REQUIRED ACTION
Although the data below contains pictures, please reproduce only its words, exactly.

RECORDS
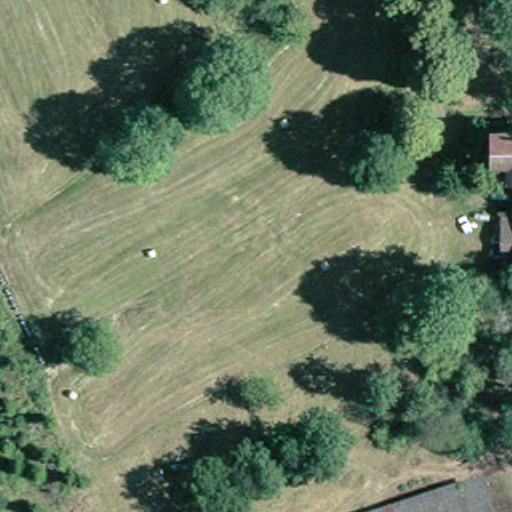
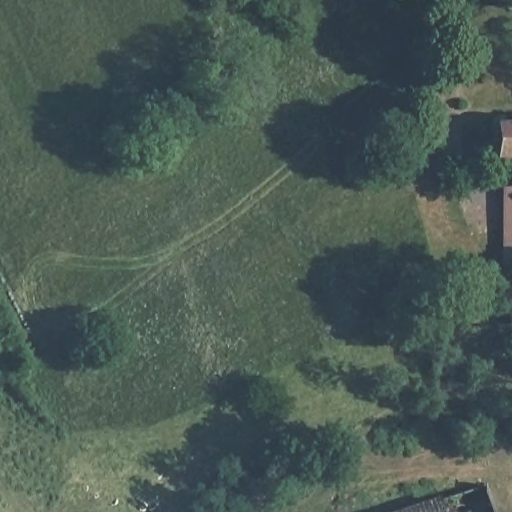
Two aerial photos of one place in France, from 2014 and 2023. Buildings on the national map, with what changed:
unchanged [(511,159),(503,160),(502,129),(512,128),(512,171),(511,159)]
unchanged [(484,481),(497,512),(389,512),(484,481)]

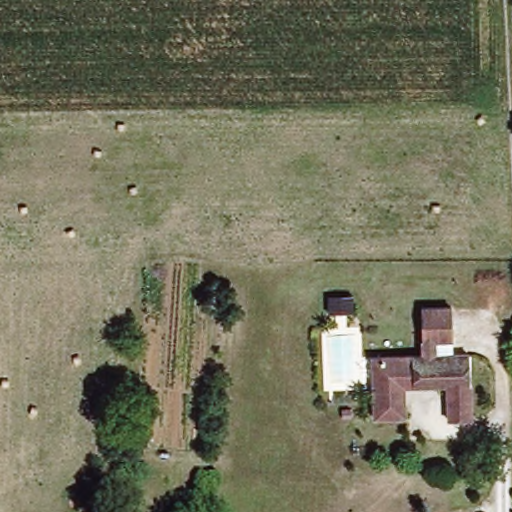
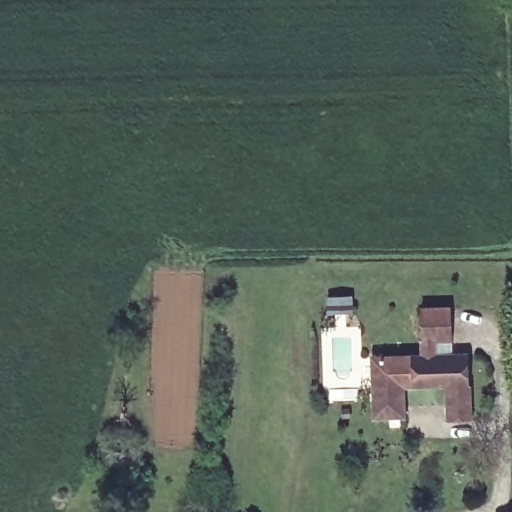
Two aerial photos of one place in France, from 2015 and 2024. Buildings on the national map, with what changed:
unchanged [(371,415),(371,385),(370,355),(420,353),(420,307),(448,306),(449,337),(432,338),(432,353),(465,352),(467,417),(445,417),(444,382),(400,384),(400,414),(371,415)]

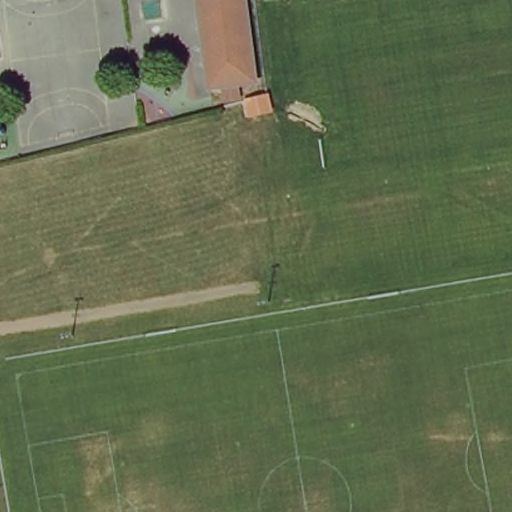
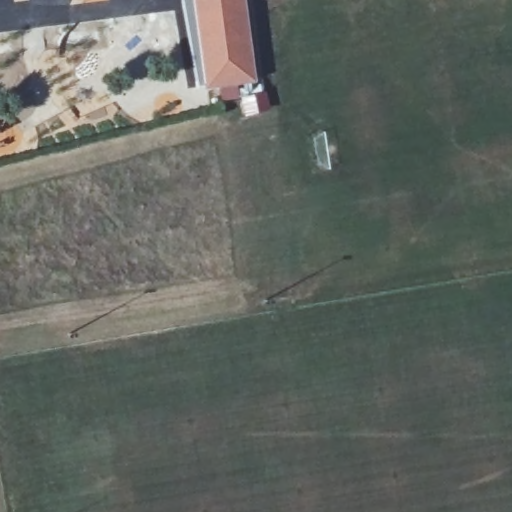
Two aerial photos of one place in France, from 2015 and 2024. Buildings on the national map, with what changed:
unchanged [(258,80),(211,84),(200,0),(248,0),(258,80)]
unchanged [(250,99),(275,92),(280,111),(254,117),(250,99)]

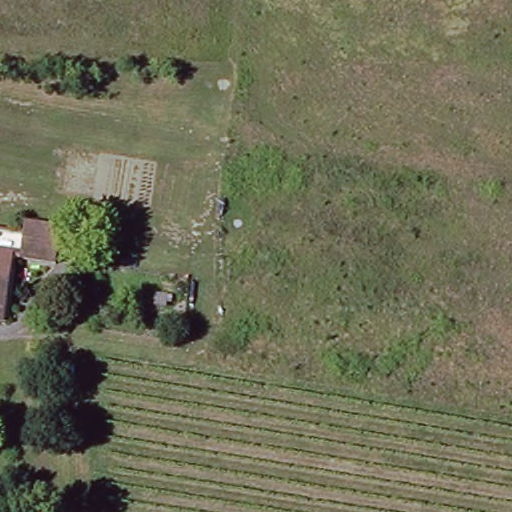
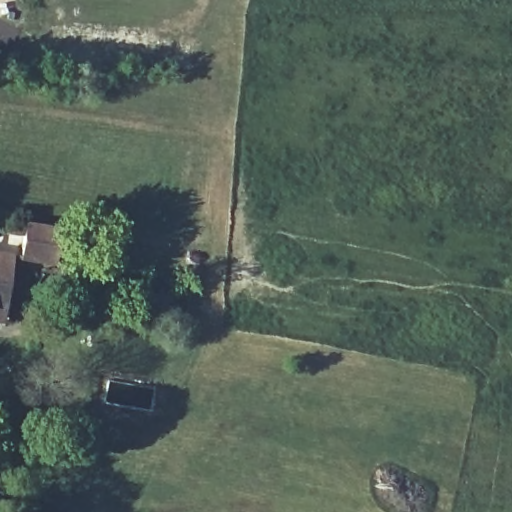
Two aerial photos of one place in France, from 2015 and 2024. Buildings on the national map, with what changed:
unchanged [(11,259),(2,316),(0,316),(0,234),(24,237),(26,222),(60,229),(55,265),(11,259)]

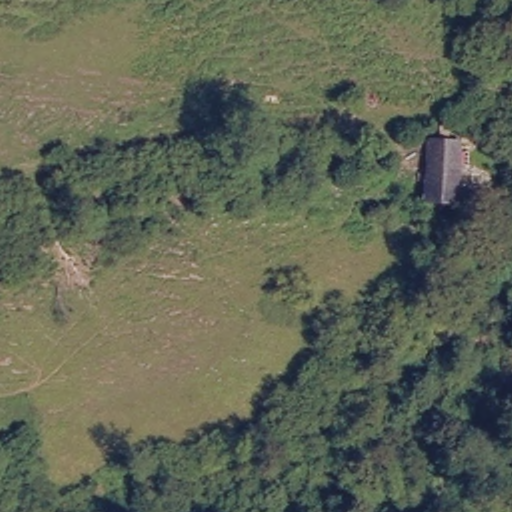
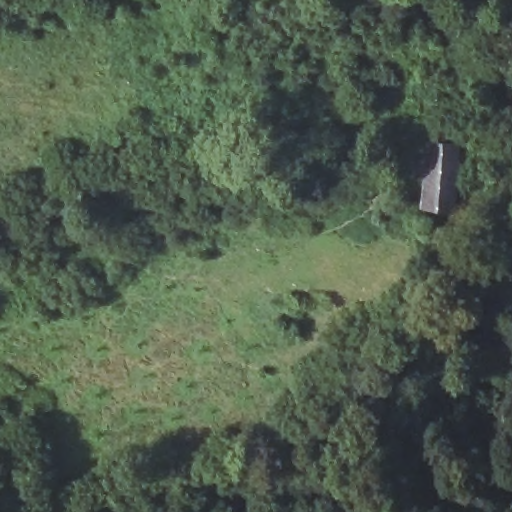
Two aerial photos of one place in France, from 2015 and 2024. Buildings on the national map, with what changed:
unchanged [(466,145),(460,203),(426,200),(430,141),(466,145)]

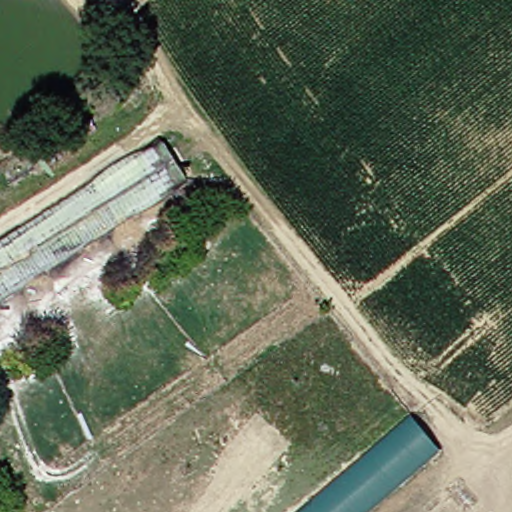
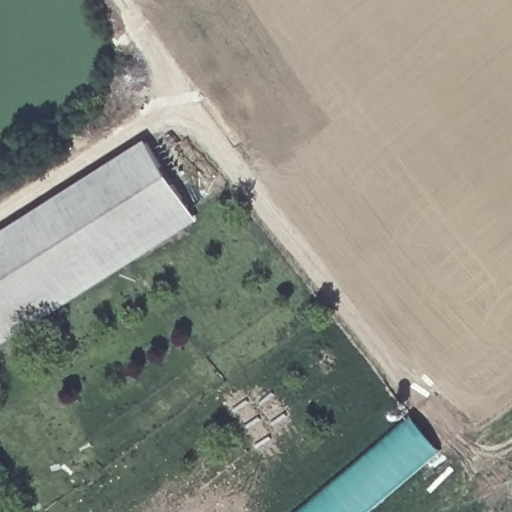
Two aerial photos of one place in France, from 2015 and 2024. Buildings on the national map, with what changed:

RESULT
Two aerial photos of one place in France, from 2014 and 2023. Buildings on the national map, with what changed:
unchanged [(511,159),(503,160),(502,129),(512,128),(512,171),(511,159)]
unchanged [(484,481),(497,512),(389,512),(484,481)]

Two aerial photos of one place in France, from 2015 and 2024. Buildings on the national map, with what changed:
unchanged [(371,415),(371,385),(370,355),(420,353),(420,307),(448,306),(449,337),(432,338),(432,353),(465,352),(467,417),(445,417),(444,382),(400,384),(400,414),(371,415)]

Two aerial photos of one place in France, from 2015 and 2024. Buildings on the national map, with what changed:
unchanged [(258,80),(211,84),(200,0),(248,0),(258,80)]
unchanged [(250,99),(275,92),(280,111),(254,117),(250,99)]

Two aerial photos of one place in France, from 2015 and 2024. Buildings on the national map, with what changed:
unchanged [(11,259),(2,316),(0,316),(0,234),(24,237),(26,222),(60,229),(55,265),(11,259)]

Two aerial photos of one place in France, from 2015 and 2024. Buildings on the national map, with what changed:
unchanged [(466,145),(460,203),(426,200),(430,141),(466,145)]

Two aerial photos of one place in France, from 2015 and 2024. Buildings on the national map, with what changed:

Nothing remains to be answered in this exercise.